Размер шрифта
-
+

Марк Шагал. История странствующего художника - стр. 8

«Если бы я был иностранцем и не жителем Витебска, то после прочтения надписей на магазинах, имен жителей и названий контор, размещавшихся на каждом метре вдоль всех улиц, я сказал бы, что Витебск был чисто еврейским городом, построенным евреями с их инициативой, энергией и деньгами. То, что Витебск еврейских город, особенно чувствуется в субботу и в еврейские праздники, когда все магазины, конторы, фабрики закрыты и в них стоит тишина.
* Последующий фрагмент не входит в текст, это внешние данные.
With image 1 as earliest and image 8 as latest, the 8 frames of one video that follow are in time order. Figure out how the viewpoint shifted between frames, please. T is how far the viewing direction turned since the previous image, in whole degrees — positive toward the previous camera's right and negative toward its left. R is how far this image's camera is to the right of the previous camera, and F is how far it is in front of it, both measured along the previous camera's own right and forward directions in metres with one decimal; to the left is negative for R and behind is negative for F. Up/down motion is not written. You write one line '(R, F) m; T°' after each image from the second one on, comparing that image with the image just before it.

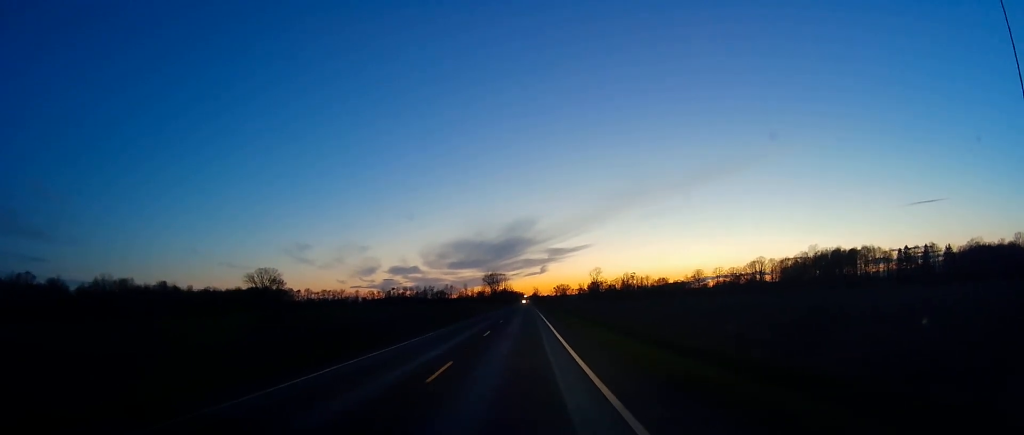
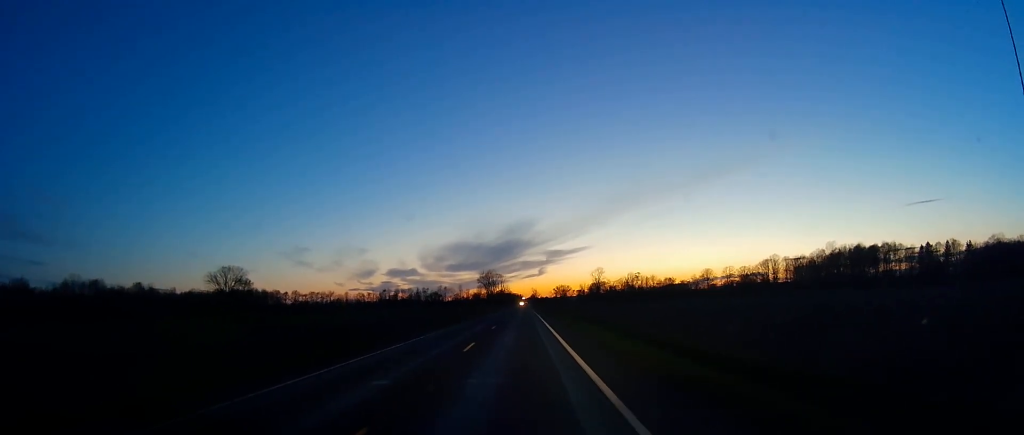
(-0.9, +23.9) m; -3°
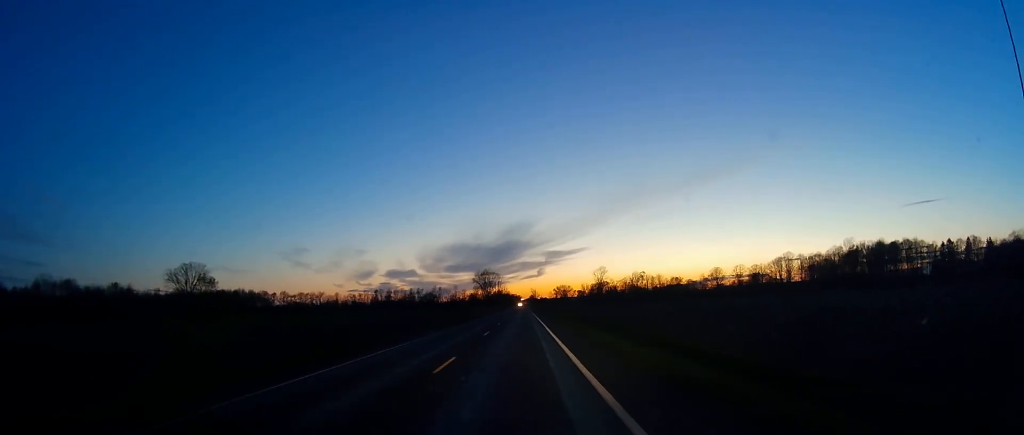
(-0.1, +21.2) m; 0°
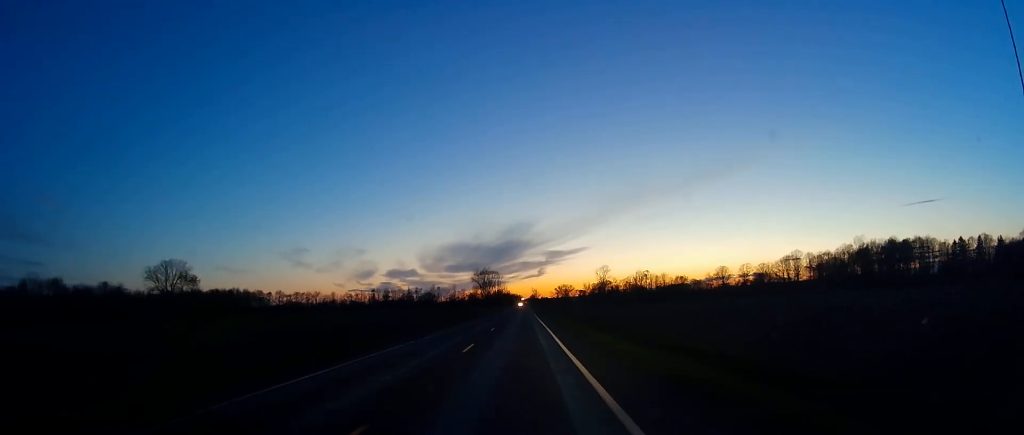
(0.0, +9.9) m; 0°
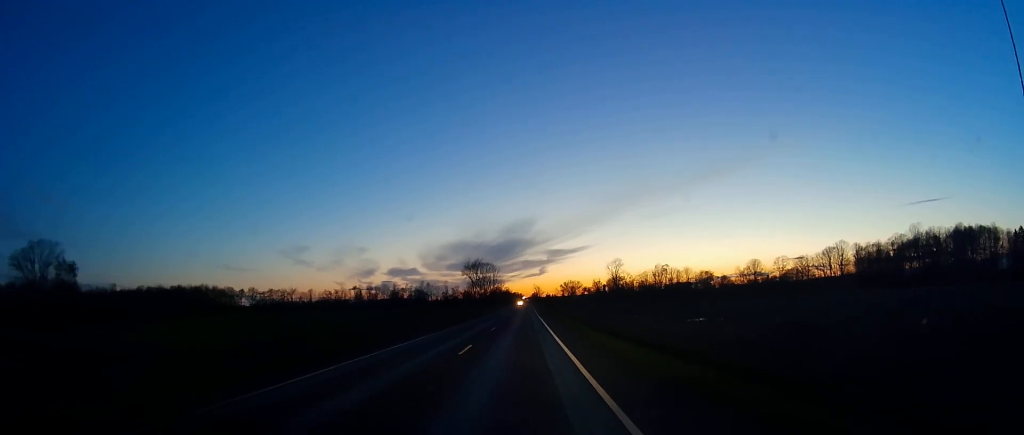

Даже в государственных учреждениях, таких как государственный банк, нотариат, суд, почта и телеграф и так далее».

Идиш в Витебске, как и во всех местах черты оседлости, был родным языком почти всего еврейского населения, половина которого не могла говорить ни на каком другом языке. Это отделяло еврейскую культуру города, подобного Витебску, от моря отсталых, грубых, доведенных до скотского состояния славянских деревень, окружавших эти города. Крестьяне, населявшие эти деревни, были крепостными всего лишь одно поколение назад. Идиш был главным языком Шагала до самой юности, это был язык родного дома, и он позволял лелеять воспоминание об ощущении защиты и определенной принадлежности, об участии в независимой системе ценностей, в религиозных традициях и законах, чего еврей в XIX веке не мог бы найти больше нигде.
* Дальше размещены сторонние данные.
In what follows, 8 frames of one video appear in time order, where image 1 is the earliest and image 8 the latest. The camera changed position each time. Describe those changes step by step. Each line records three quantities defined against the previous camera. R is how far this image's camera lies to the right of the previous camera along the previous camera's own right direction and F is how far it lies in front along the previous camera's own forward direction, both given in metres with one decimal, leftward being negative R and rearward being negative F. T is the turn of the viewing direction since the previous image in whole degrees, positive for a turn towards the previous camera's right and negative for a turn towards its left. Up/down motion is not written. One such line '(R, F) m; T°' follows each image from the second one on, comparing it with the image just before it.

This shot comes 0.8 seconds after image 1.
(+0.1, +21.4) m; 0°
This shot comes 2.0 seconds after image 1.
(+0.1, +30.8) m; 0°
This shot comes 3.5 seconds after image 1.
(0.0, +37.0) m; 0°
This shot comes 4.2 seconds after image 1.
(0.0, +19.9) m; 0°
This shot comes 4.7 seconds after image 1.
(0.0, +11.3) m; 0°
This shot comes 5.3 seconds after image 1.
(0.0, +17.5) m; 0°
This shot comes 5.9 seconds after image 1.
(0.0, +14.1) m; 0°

Поэтому евреи, которые прибывали в Витебск из мелких поселений черты оседлости, быстро начинали чувствовать себя как дома. Среди этих людей в 1886 году была и тоненькая, маленькая девушка двадцати лет, Фейга-Ита Чернина, старшая дочь резника из маленького городка Лиозно, расположенного в сорока километрах к востоку. Ее мать, Хана, недавно умерла, и Фейга-Ита уехала, оставив позади сонное существование, привычное для отца, который «полжизни провел на печке, четверть – в синагоге, остальное время – в мясной лавке», и ленивых братьев и сестер, которые не годились для жизни в крупном городе. Знаменитый внук резника позднее с любовью писал их портреты как карикатуру на инертность русской провинции. Дядя Лейба весь день «сидит на лавке перед своим домом… На берегу, точно рыжие коровы, бродят его дочери». Бледная тетя Марьяся «лежит на своем диване… тело ее вытянутое, изможденное, грудь – впалая». Дядя Юда «не слезает с печи, даже в синагогу почти не ходит». Дядя Исраель «на своем постоянном месте в синагоге… греется перед печкой, глаза закрыты». Только дядя Нех, с его телегой и кобылой, увековеченный в картине «Продавец скота» (1912), занимался делом. Это была провинциальная Россия, от которой бюрократы и интеллектуалы Санкт-Петербурга приходили в отчаяние: «Нигде в Европе не найти такой неспособности к настойчивой, размеренной, регулярной работе, – писал историк XIX века Василий Ключевский, – но там, тем не менее, все было наполнено чувственным колоритом и жизнью».